- YOUR INSTRUCTIONS -
Set the data below down again, exactly, with every picture left out.
+ + + + +
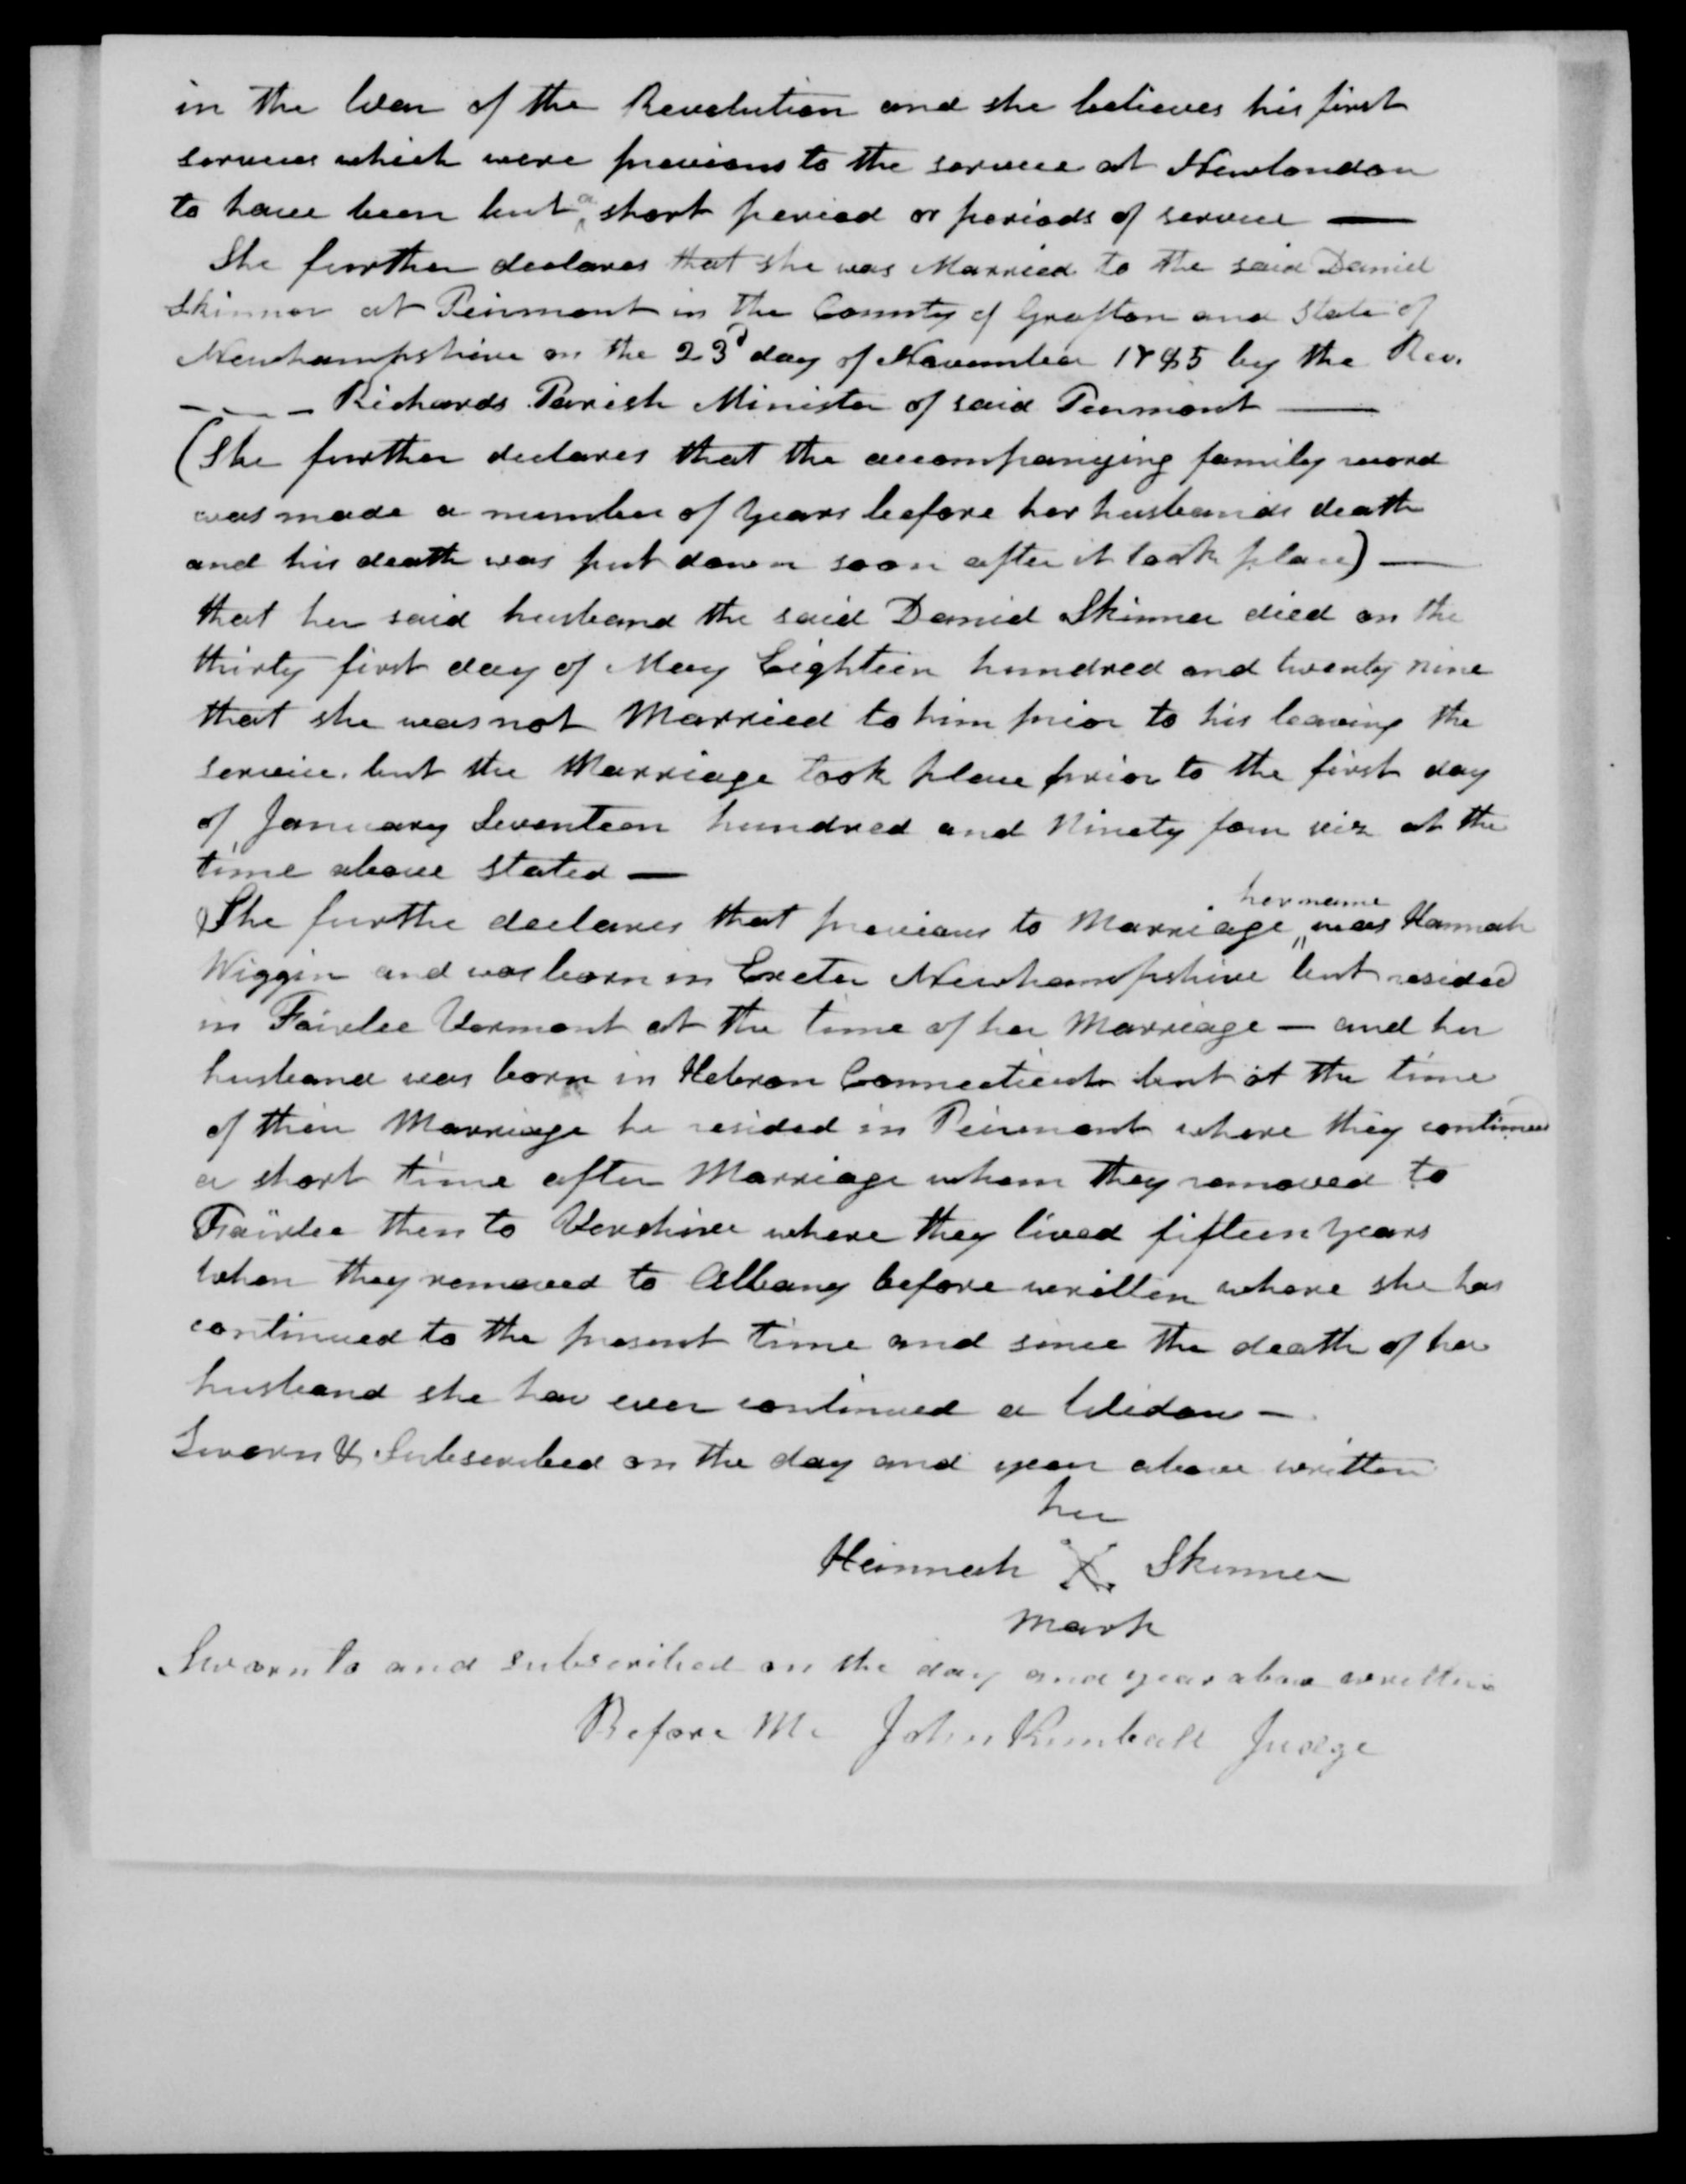in the war of the Revolution and she believes his first
services which were previous to the service at New London
to have been but a short period or periods of service--
She further declares that she was married to the said Daniel
Skinner at Piermont in the County of Grafton and State of
New Hampshire on the 23d day of November 1785 by the Rev.
Richard Parish Minister of said Piermont.--
(She further declares that the accompanying family record
was made a number of years before her husbands death
and his death was put down soon after it look place)--
that her said husband the said Daniel Skinner died on the
thirty first day of May Eighteen hundred and twenty nine
that she was not married to him prior to his leaving the
service, but the Marriage took place prior to the first day
of January Seventeen hundred and ninety four viz at the
time above stated.--
She further declares that previous to marriage her name was Hannah
Wiggin and was born in Exeter New Hampshire "but resided
in Fairlee Vermont at the time of her Marriage-- and her
husband was born in Hebron Connecticut bent at the time
of their marriage he resided in Piermont where they continued
a short time after Marriage whom they removed to
Fairlee then to Vershire where they lived fifteen years
when they removed to Albany before written where she has
continued to the present time and since the death of her
husband she had ever continued a widow-
Sworn & Subscribed on the day and year above written
Hannah X Skinner her mark

Sworn to and subscribed on the day and year above written
Before me John Kimball Judge

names: John Kimball; [BLANK] Richards; Daniel Skinner; Hannah Wiggin; Daniel Skinner; Hannah Skinner
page: 5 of 46
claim: widow's
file: W. 24976, for Daniel Skinner, New Hampshire
+ + + + +
- ANSWER TO THE PROBLEM -
in the war of the Revolution and she believes his first
services which were previous to the service at New London
to have been but a short period or periods of service--
She further declares that she was married to the said Daniel
Skinner at Piermont in the County of Grafton and State of
New Hampshire on the 23d day of November 1785 by the Rev.
Richard Parish Minister of said Piermont.--
(She further declares that the accompanying family record
was made a number of years before her husbands death
and his death was put down soon after it look place)--
that her said husband the said Daniel Skinner died on the
thirty first day of May Eighteen hundred and twenty nine
that she was not married to him prior to his leaving the
service, but the Marriage took place prior to the first day
of January Seventeen hundred and ninety four viz at the
time above stated.--
She further declares that previous to marriage her name was Hannah
Wiggin and was born in Exeter New Hampshire "but resided
in Fairlee Vermont at the time of her Marriage-- and her
husband was born in Hebron Connecticut bent at the time
of their marriage he resided in Piermont where they continued
a short time after Marriage whom they removed to
Fairlee then to Vershire where they lived fifteen years
when they removed to Albany before written where she has
continued to the present time and since the death of her
husband she had ever continued a widow-
Sworn & Subscribed on the day and year above written
Hannah X Skinner her mark

Sworn to and subscribed on the day and year above written
Before me John Kimball Judge

names: John Kimball; [BLANK] Richards; Daniel Skinner; Hannah Wiggin; Daniel Skinner; Hannah Skinner
page: 5 of 46
claim: widow's
file: W. 24976, for Daniel Skinner, New Hampshire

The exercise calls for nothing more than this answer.